Large parts of my algorithm require efficient row-wise multiplication of elements. Up until now I have been using the Diagonal matrix adaptor class. My diagonal matrices need to be quite long (up to 2 million elements), which makes using dense diagonal matrices infeasible. Profiling the code, using the compressed diagonal adaptor generates scalar code. Also the majority of diagonal terms are non-zero. I estimate having access to vectorized diagonal matrix multiplies would speed-up my app by ~1.15.

My gut feeling is that using a DynamicVector to store the diagonal terms and appropriately defining assignment should allow for fully vectorized code.

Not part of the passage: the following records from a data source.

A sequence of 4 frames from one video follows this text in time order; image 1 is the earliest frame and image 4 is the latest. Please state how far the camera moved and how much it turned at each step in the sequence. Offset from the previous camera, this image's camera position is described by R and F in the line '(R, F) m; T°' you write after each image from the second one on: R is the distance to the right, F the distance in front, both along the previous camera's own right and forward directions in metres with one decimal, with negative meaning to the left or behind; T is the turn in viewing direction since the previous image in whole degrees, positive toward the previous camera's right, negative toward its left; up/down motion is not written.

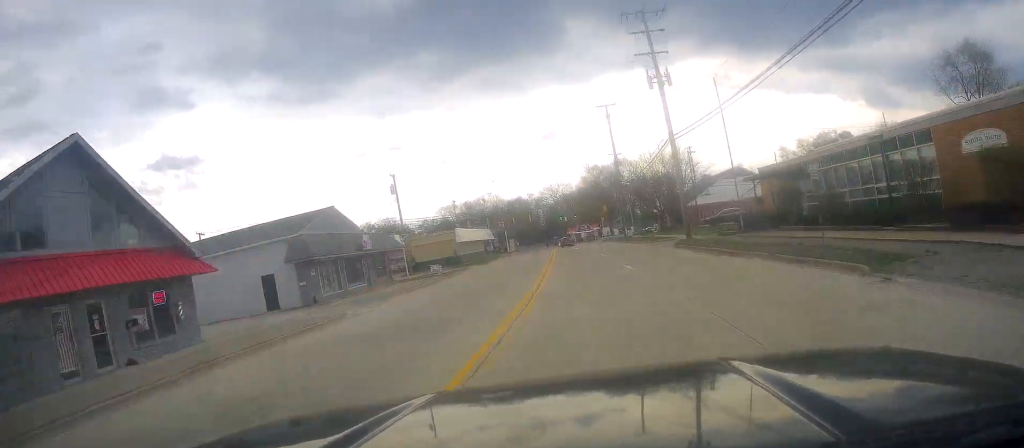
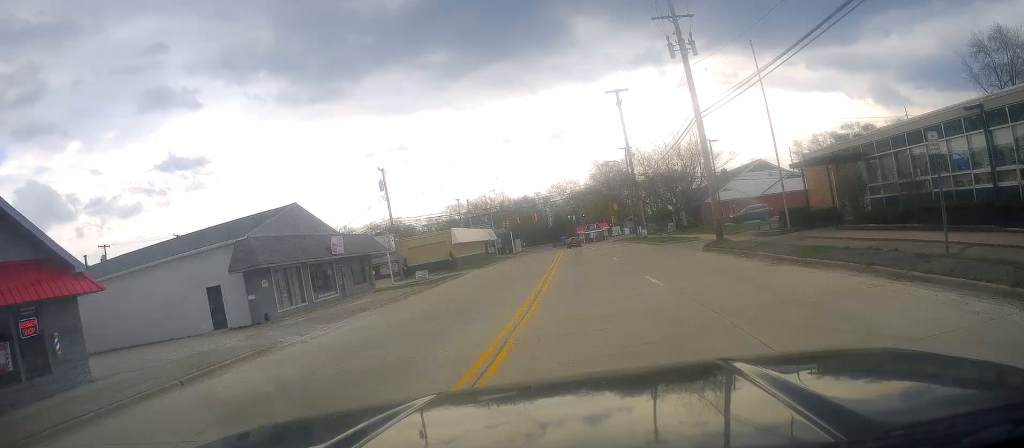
(-0.1, +6.6) m; 0°
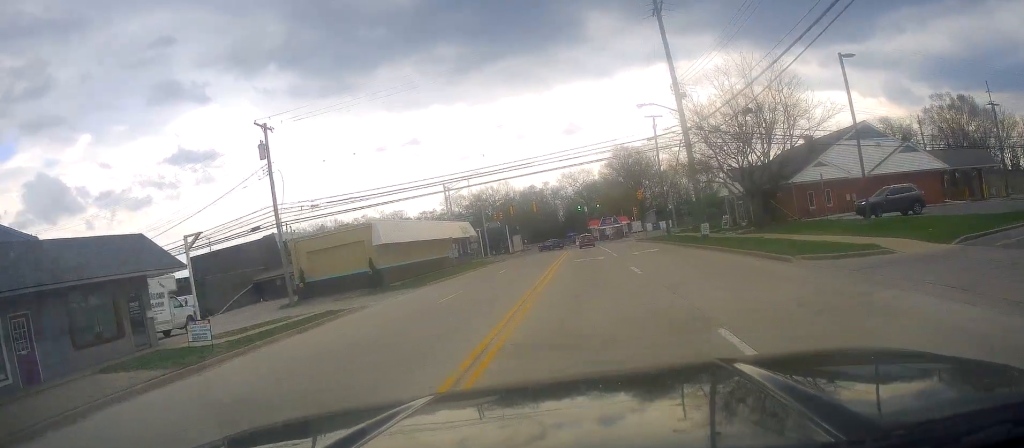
(0.0, +25.8) m; 0°
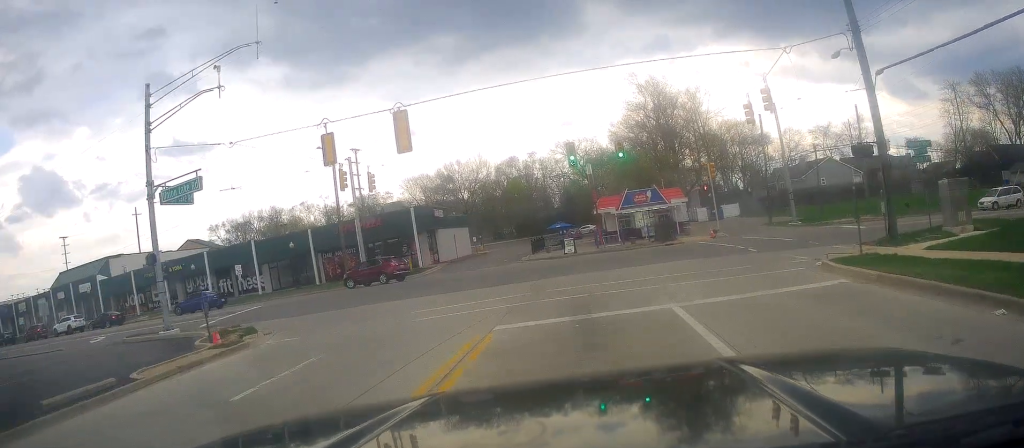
(-2.3, +59.9) m; -3°

Please let me now what you think. If this is too hard on blaze formalism, maybe one can simply add row-wise/column-wise multiplication. Also, I'm happy to help out.

Thanks for all your work,

Max

Comments (10)

  1. Klaus Iglberger

    Hi Maximilian!

    Thanks a lot for creating this issue. The motivation is clear and you are correct that for this case the operation should run with full vectorization. However, no mathematical operation comes to mind that would support this operation and at this point we have no idea how this operation should be expressed syntactically. For that reason we suggest that you add the following two special purpose functions to your application. With these the operation should work at maximum efficiency.

    template< typename MT, bool SO, typename VT, bool TF >
    void scaleRows( DenseMatrix<MT,SO>& A, const DenseVector<VT,TF>& x )
    {
       if( rows(A) != size(x) ) {
          BLAZE_THROW_INVALID_ARGUMENT( "Matrix and vector sizes do not match" );
       }
    
       for( size_t i=0UL; i<size(x); ++i ) {
          row( A, i ) *= (~x)[i];
       }
    }
    
    template< typename MT, bool SO, typename VT, bool TF >
    void scaleColumns( DenseMatrix<MT,SO>& A, const DenseVector<VT,TF>& x )
    {
       if( columns(A) != size(x) ) {
          BLAZE_THROW_INVALID_ARGUMENT( "Matrix and vector sizes do not match" );
       }
    
       for( size_t j=0UL; j<size(x); ++j ) {
          column( A, j ) *= (~x)[j];
       }
    }
    

    To some extend the idea resembles the idea of a band matrix (see issue #73). Still, we will keep this issue to remind us about the feature request. We will see how these two ideas might be combined. Thanks again,

    Best regards,

    Klaus!

  2. Maximilian Bremer reporter

    Hi Klaus!

    Regarding the mathematical motivation, scaling rows and columns can be represented using diagonal matrix multiplication. I think alternatively this issue could also have been formulated as asking for performance enhancements for the DiagonalMatrix class. In that sense, this might be the most basic use case for #73. To me the main issue is finding the correct abstraction inside blaze, which you are certainly more equipped to do than I.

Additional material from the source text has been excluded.